Usually, variations in the properties of the marker are permitted and
accommodated by the design and implementation of the detection method of
the electronic article surveillance system.
Therefore, in practice, an acceptable or true marker signal may have a
variety of defining characteristics, such as amplitude, shape, statistical
properties, frequency properties, duration, etc. If it is decided to
broaden the definition of the acceptable marker signal to account for the
numerous possibilities, this opens the door to the acceptance of
undesirable signals created by other items. The converse is also
undesirable as it leads to lower sensitivity. No system currently
available has satisfactorily solved this problem.
SUMMARY OF INVENTION
In accordance with the present invention, a method of improving the
performance of electronic article surveillance systems is provided which
is able to substantially control the operating environment in the
interrogation zone and create a marker signal that is for the most part
constant and independent of the position and orientation of the marker
within the transmitted field and of variations in the marker itself. This
control is effected because the system is able to compare the observed
marker signal or one or more defining characteristics thereof with a
stored reference and use the differences to vary the characteristics of
the transmitted field, such as amplitude, frequency, phase, duration, or
other similar defining properties, in such a way that the marker signal
remains unchanged even as the marker moves through the interrogation zone.
One particular embodiment of this invention is useful in an electromagnetic
electronic article surveillance system, a system which uses a highly
permeable, low coercivity strip of metal as the marker. When this marker
interacts with an electromagnetic filed of the appropriate frequency, a
series of harmonic components are generated. This invention monitors a
particular defining characteristic of the marker signal such as the
amplitude of one or more of the harmonic components. This information is
continually collected and compared to a reference level such that any
differences result in an error signal. This error signal is then used to
control the strength of the transmitted field in order to maintain the
amplitude of the harmonic component at the selected level. By this method,
the marker signal can be maintained in a constant state.

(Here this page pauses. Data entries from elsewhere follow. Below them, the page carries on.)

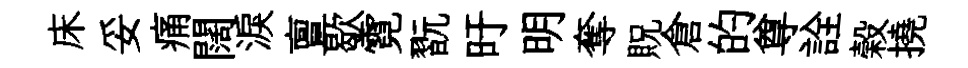
床妥痛闊淚亶歇霓翫旴明奪貺倉的尊詮榖撓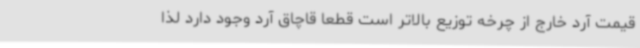
قیمت آرد خارج از چرخه توزیع بالاتر است قطعاً قاچاق آرد وجود دارد لذا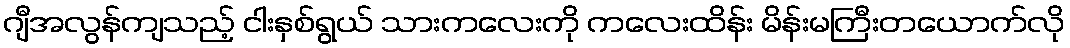
ဂျီအလွန်ကျသည့် ငါးနှစ်ရွယ် သားကလေးကို ကလေးထိန်း မိန်းမကြီးတယောက်လို

During the operation of this invention, when no marker is present in an
interrogation zone, no marker signal and no harmonic is observed and a
large error signal is present. As a result, the transmitted field is set
to maximum amplitude or power in order to maintain the system at maximum
sensitivity. This condition is maintained until a marker appears and
generated a harmonic. As the amplitude of the harmonic component
approaches that of the reference, the error signal decreases until a lock
condition is achieved at minimum error. Whenever the amplitude of the
harmonic component begins to vary from that of the reference level, an
error signal is generated. This error signal causes the strength of the
transmitted field either to increase or to decrease until the amplitude of
the harmonic component returns to the reference value. In this manner, the
strength of the transmitted field is continually adjusted to maintain a
constant amplitude of the harmonic component and hence an essentially
constant marker signal.
Another embodiment of this invention would be useful in an electronic
article system that employs resonant circuits. In some designs of this
type of system, the frequency is swept or varied over a range of values
until a signal representing the interaction of the marker and the
transmitted frequency is found. Sweeping is necessary because of
variations in the resonant frequency of the resonant circuit. Maximium
sensitivity can only be achieved when the transmitter frequency matches
the resonant frequency of the resonant circuit. This invention can be used
to control the frequency as well as the amplitude of the transmitted
field, thereby providing a means to constantly control the interaction
between the marker and the transmitted field and thereby maintain a
constant marker signal.
It should be noted that the usefulness of this method is not limited to the
above examples. It can be shown that this invention can provide similar
advantages to other electronic article surveillance systems that employ
microwave diodes to magnetomechanical or ferroresonant markers.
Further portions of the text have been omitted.